Arts visuels : les artistes affûtent leurs compétences à la Fondation H

« Ainga », un programme à l’initiative de la Fondation H, entame sa deuxième édition, à l’occasion de laquelle, une bonne dizaine d’artistes de l’océan Indien issus de médiums variés, suivent une séance de formation à Ambatomena.

Dans son agenda ce 17 août, l’artiste-plasticien et non moins historien de l’art, Hemerson Andrianetrazafy dressera l’histoire de l’art à la deuxième cohorte de « Ainga ». S’ensuivra, le 24 août, « L’ou­til de gestion et de promotion d’une exposition » avec Mino­a­risoa Ralantomanana, chargée de projet au sein de la Fondation H et experte en ingénierie culturelle. L’ar­tiste et curatrice d’origine zimbabwéenne, Georgina Maxim, clôturera le mois d’août avec « La scénographie : réflexion sur les œuvres et l’espace d’exposition ».
Il faut souligner que la grande majorité des artistes malgaches sont totalement autodidactes, pour la simple raison qu’aucune école spécialisée en la matière n’existe à Madagascar. Lancée en avril 2022, cette formation professionnelle entièrement gratuite, vise justement à apprendre aux artistes plasticiens et visuels toutes les maîtrises de bases théoriques et pratiques, leur permettant de s’épanouir dans leur carrière artistique.
« Depuis 2023, la Fonda­tion H est un organisme de formation agréé par l’Etat malgache.

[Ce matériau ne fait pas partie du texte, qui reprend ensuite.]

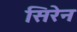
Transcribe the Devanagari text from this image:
सिरेन
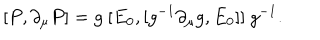
[ P , \partial _ { \mu } P ] = g \ [ E _ { 0 } , [ g ^ { - 1 } \partial _ { \mu } g , E _ { 0 } ] ] \ g ^ { - 1 } .
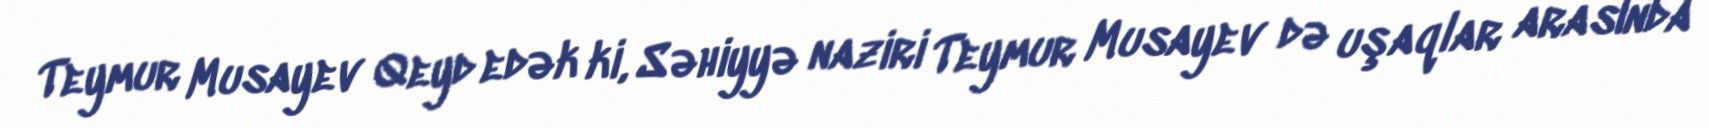
Teymur Musayev Qeyd edək ki, Səhiyyə naziri Teymur Musayev də uşaqlar arasında
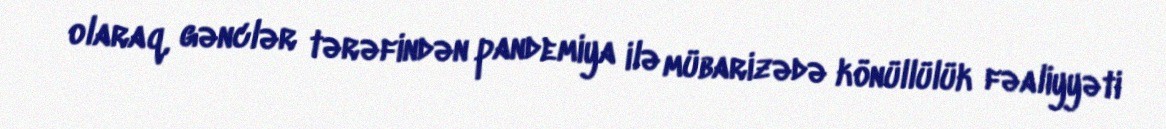
olaraq, gənclər tərəfindən pandemiya ilə mübarizədə könüllülük fəaliyyəti
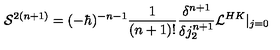
{ \cal S } ^ { 2 ( n + 1 ) } = ( - \hbar ) ^ { - n - 1 } \frac 1 { ( n + 1 ) ! } \frac { \delta ^ { n + 1 } } { \delta j _ { 2 } ^ { n + 1 } } { \cal L } ^ { H K } \vert _ { j = 0 }
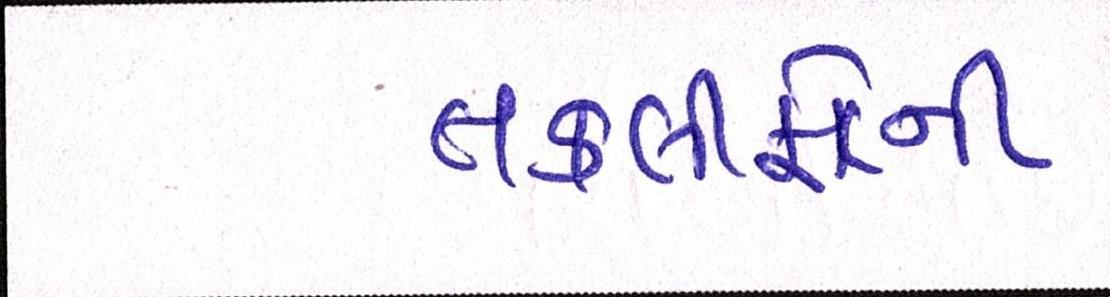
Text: તકલીફોની
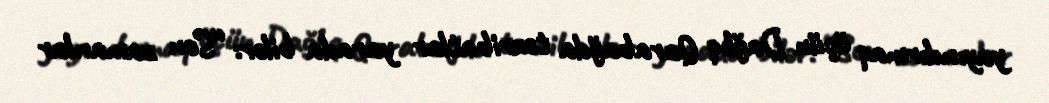
yayındırmaq üçün Dağlıq Qarabağda təxribatlar yarada bilər: “Son zamanlar
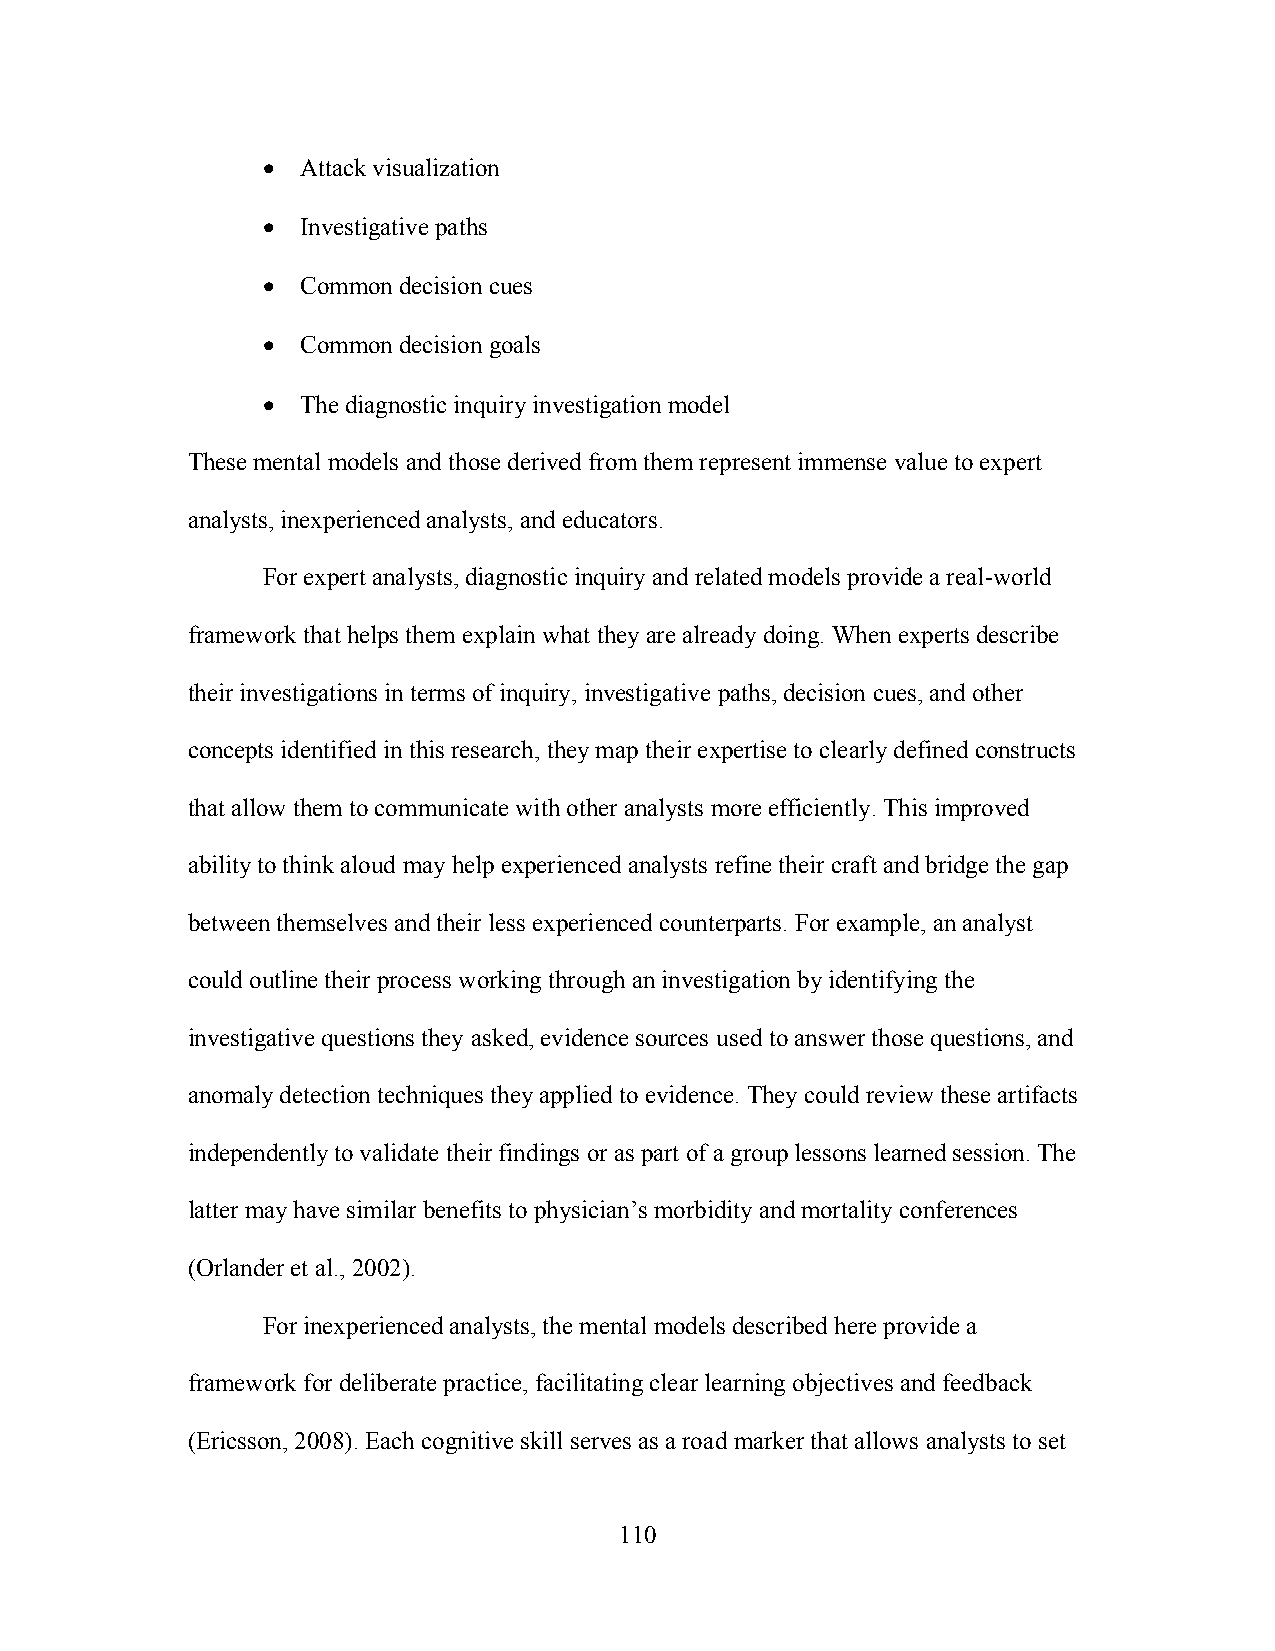
•  Attack visualization
 •  Investigative paths
 •  Common decision cues
 •  Common decision goals
 •  The diagnostic inquiry investigation model
 These mental models and those derived from them represent immense value to expert
 analysts, inexperienced analysts, and educators.
 For expert analysts, diagnostic inquiry and related models provide a real-world
 framework that helps them explain what they are already doing. When experts describe
 their investigations in terms of inquiry, investigative paths, decision cues, and other
 concepts identified in this research, they map their expertise to clearly defined constructs
 that allow them to communicate with other analysts more efficiently. This improved
 ability to think aloud may help experienced analysts refine their craft and bridge the gap
 between themselves and their less experienced counterparts. For example, an analyst
 could outline their process working through an investigation by identifying the
 investigative questions they asked, evidence sources used to answer those questions, and
 anomaly detection techniques they applied to evidence. They could review these artifacts
 independently to validate their findings or as part of a group lessons learned session. The
 latter may have similar benefits to physician’s morbidity and mortality conferences
 (Orlander et al., 2002).
 For inexperienced analysts, the mental models described here provide a
 framework for deliberate practice, facilitating clear learning objectives and feedback
 (Ericsson, 2008). Each cognitive skill serves as a road marker that allows analysts to set
 110
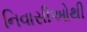
નિવાસીઓથી
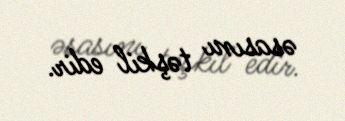
əsasını təşkil edir.
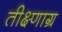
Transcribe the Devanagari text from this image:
तीक्ष्णाग्र
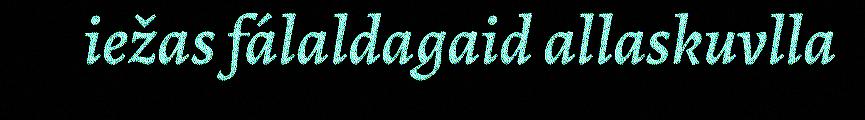
iežas fálaldagaid allaskuvlla
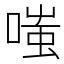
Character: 嗤
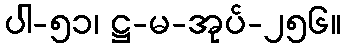
ပါ-၅၁၊ ဋ္ဌ-မ-အုပ်-၂၅၆။
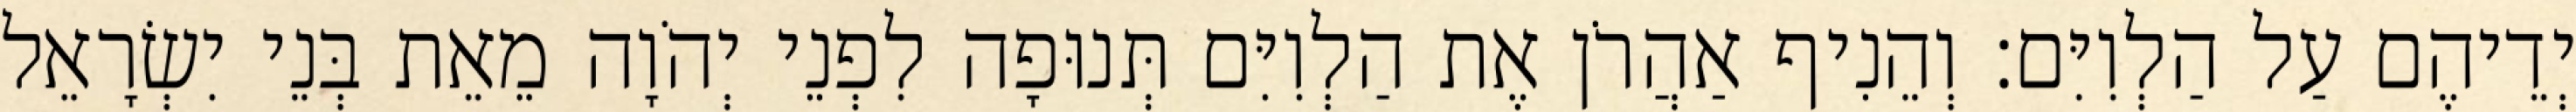
יְדֵיהֶם עַל הַלְוִיִּם׃ וְהֵנִיף אַהֲרֹן אֶת הַלְוִיִּם תְּנוּפָה לִפְנֵי יְהֹוָה מֵאֵת בְּנֵי יִשְׂרָאֵל
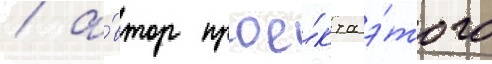
/ а́втор прое́кта э́того
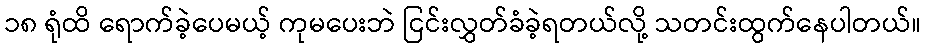
၁၈ ရုံထိ ရောက်ခဲ့ပေမယ့် ကုမပေးဘဲ ငြင်းလွှတ်ခံခဲ့ရတယ်လို့ သတင်းထွက်နေပါတယ်။
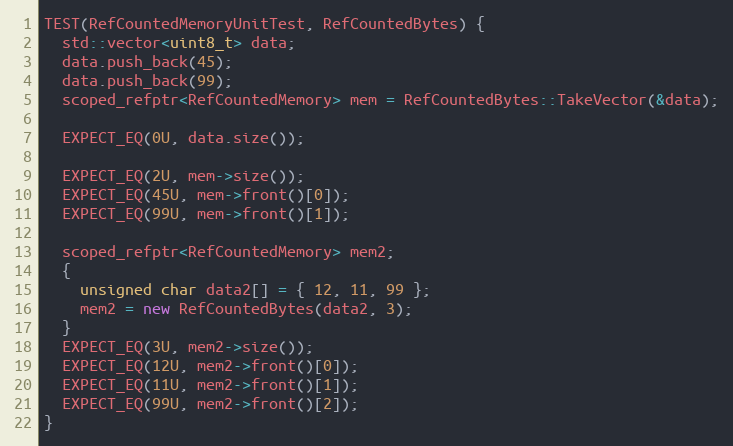
Language: C++
TEST(RefCountedMemoryUnitTest, RefCountedBytes) {
  std::vector<uint8_t> data;
  data.push_back(45);
  data.push_back(99);
  scoped_refptr<RefCountedMemory> mem = RefCountedBytes::TakeVector(&data);

  EXPECT_EQ(0U, data.size());

  EXPECT_EQ(2U, mem->size());
  EXPECT_EQ(45U, mem->front()[0]);
  EXPECT_EQ(99U, mem->front()[1]);

  scoped_refptr<RefCountedMemory> mem2;
  {
    unsigned char data2[] = { 12, 11, 99 };
    mem2 = new RefCountedBytes(data2, 3);
  }
  EXPECT_EQ(3U, mem2->size());
  EXPECT_EQ(12U, mem2->front()[0]);
  EXPECT_EQ(11U, mem2->front()[1]);
  EXPECT_EQ(99U, mem2->front()[2]);
}
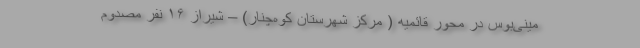
مینی‌بوس در محور قائمیه ( مرکز شهرستان کوه‌چنار) – شیراز ۱۶ نفر مصدوم
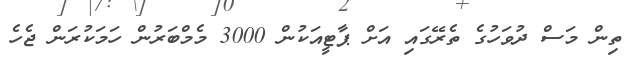
ތިން މަސް ދުވަހުގެ ތެރޭގައި އަށް ޕާޓީއަކުން 3000 މެމްބަރުން ހަމަކުރަން ޖެހެ
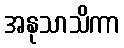
အနုသာသိကာ
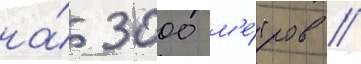
на́ 3000 м'е́тров /
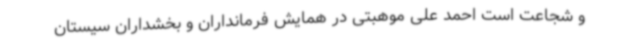
و شجاعت است احمد علی موهبتی در همایش فرمانداران و بخشداران سیستان
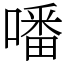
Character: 噃
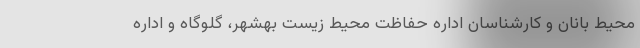
محیط بانان و کارشناسان اداره حفاظت محیط زیست بهشهر، گلوگاه و اداره
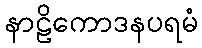
နာဠိကောဒနပရမံ
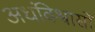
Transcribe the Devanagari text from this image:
अधंविश्वासों
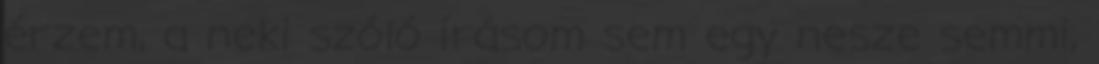
érzem, a neki szóló írásom sem egy nesze semmi,
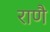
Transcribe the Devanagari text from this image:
राणै
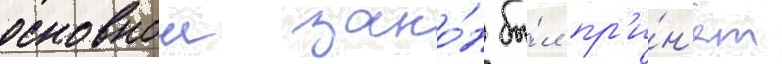
основнои зако́н бы́л пр'и́н'ят
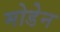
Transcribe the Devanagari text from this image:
मोडेन
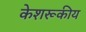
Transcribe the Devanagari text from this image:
केशरूकीय
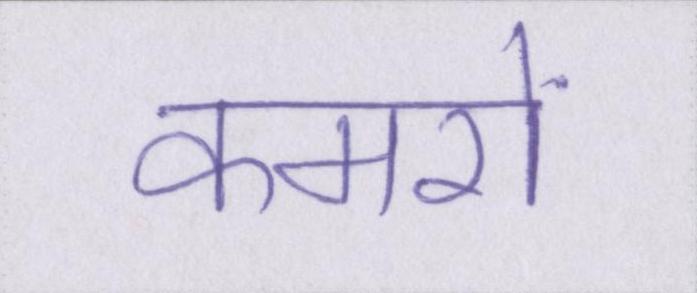
कमरों
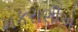
મકરાણીએ
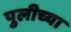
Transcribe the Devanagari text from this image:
पुलीच्या
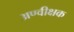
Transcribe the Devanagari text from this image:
अण्वीक्षक
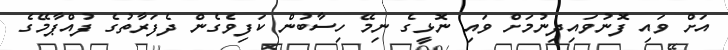
އަށް ވައި ފޮނުވައިދިނުމަށް ވައި ނޮޅީގެ ނިމޭ ހިސާބުން ކަފިވެގެން ދެފަރާތުގެ ފުއްޕާމޭގެ
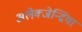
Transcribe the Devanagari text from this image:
अलेक्जेन्द्रिया
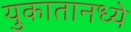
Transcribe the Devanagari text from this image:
युकातानध्ये
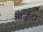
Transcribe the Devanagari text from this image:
आर्ज़ुदा
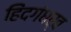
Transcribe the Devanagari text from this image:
हिंदगंधर्व
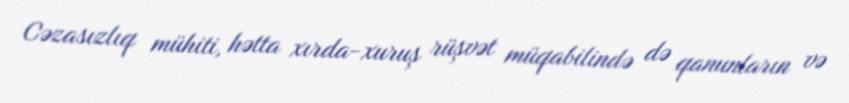
Cəzasızlıq mühiti, hətta xırda-xuruş rüşvət müqabilində də qanunların və
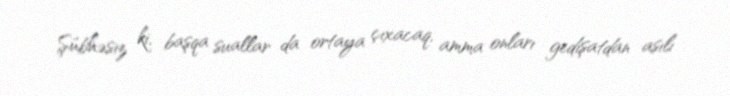
Şübhəsiz ki, başqa suallar da ortaya çıxacaq, amma onları gedişatdan asılı
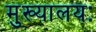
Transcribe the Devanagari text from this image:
मुख्यालयः
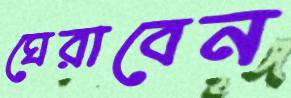
ঘেরাবেন
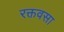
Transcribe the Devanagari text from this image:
रक्तवसा
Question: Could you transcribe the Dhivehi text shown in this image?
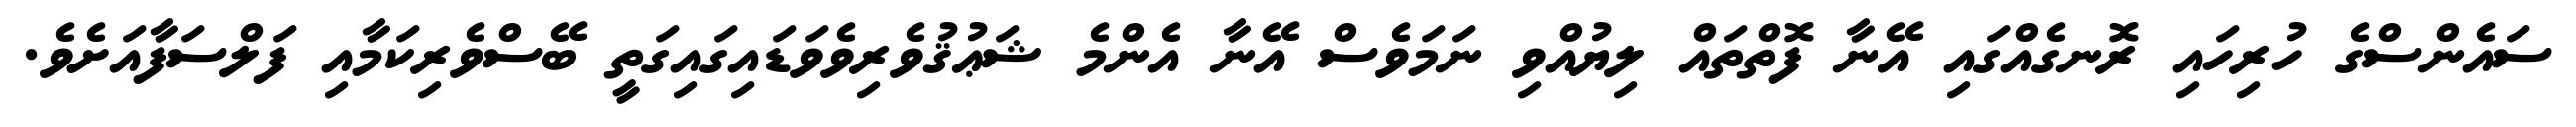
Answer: ސައެންސްގެ ހުރިހައި ރޮނގެއްގައި އޭނާ ފޮތްތައް ލިޔުއްވި ނަމަވެސް އޭނާ އެންމެ ޝަޢުޤުވެރިވެވަޑައިގައިގަތީ ބޭސްވެރިކަމާއި ފަލްސަފާއަށެވެ.
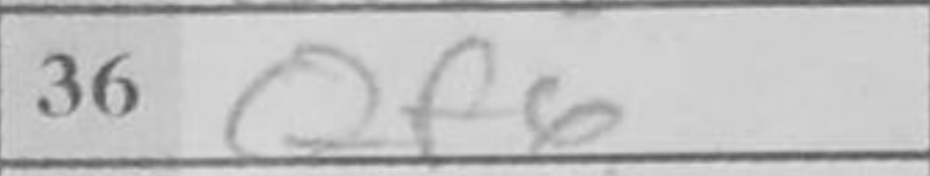
Transcription: Qf6
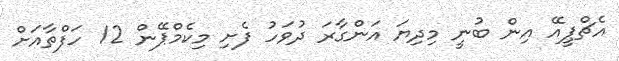
އެޗްޕީއޭ އިން ބުނީ މިދިޔަ އަންގާރަ ދުވަހު ފެށި މިކެމްޕޭން 12 ހަފްތާއަށް
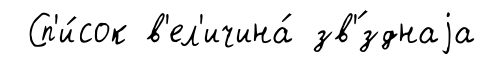
Сп'и́сок в'ел'ичина́ зв'́зднаjа
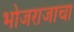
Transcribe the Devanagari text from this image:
भोजराजाचा
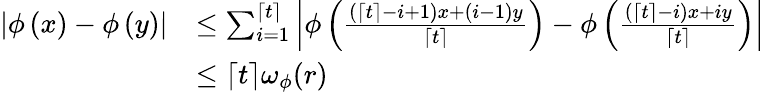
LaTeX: \begin{array}{rl}{\left|\phi\left(x\right)-\phi\left(y\right)\right|}&{\le\sum_{i=1}^{\lceil t\rceil}\left|\phi\left(\frac{(\lceil t\rceil-i+1)x+(i-1)y}{\lceil t\rceil}\right)-\phi\left(\frac{(\lceil t\rceil-i)x+iy}{\lceil t\rceil}\right)\right|}\\ &{\le\lceil t\rceil\omega_{\phi}(r)}\end{array}
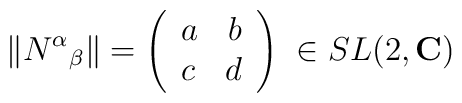
\Vert N^\alpha {}_\beta \Vert =\left(\begin{array}{lr}a & b \\c & d\end{array}\right) \;\in SL(2,{\bf C})
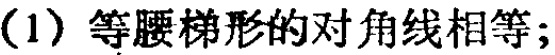
（1）等腰梯形的对角线相等;
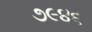
૭૯૪૬
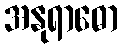
အနုရာဓော
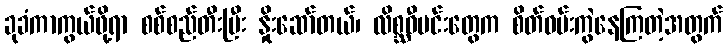
ခုခံကာကွယ်ဖို့ရာ စစ်စည်တီးပြီး နှိုးဆော်တယ်၊ လိစ္ဆဝီမင်းတွေက စိတ်ဝမ်းကွဲနေကြတဲ့အတွက်
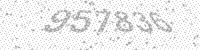
Solution: 957836
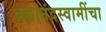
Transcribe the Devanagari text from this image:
ब्रह्मानंदस्वामींचा

En l’absence de formation liée au métier d’artiste à Mada­gascar, elle a habilité à remettre des attestations de formation certifiées par l’Etat aux artistes participants aux différents modules de Ainga », confie-t-on.
S’étalant sur six mois, de juillet à décembre, le module de formation comprend 30 heures de cours sur l’art occidental, l’art africain et l’art à Madagascar et 50 heures de sessions sur le montage d’une exposition.
« Essentiellement focalisé sur les aspects professionnels du métier d’artistes, Ainga accompagne les participants pour découvrir leur identité artistique, leur donner des clés de compréhension du monde et du marché de l’art à l’échelle continentale et internationale, les former au montage d’expositions personnelles et collectives, à la gestion du stress et de la prise de parole en public, ainsi que pour acquérir les meilleures pratiques à mettre en place en matière de conservation et d’inventaire des œuvres de chaque apprenant et afin de déployer un plan de communication pour son travail et sa personne », conclut-on.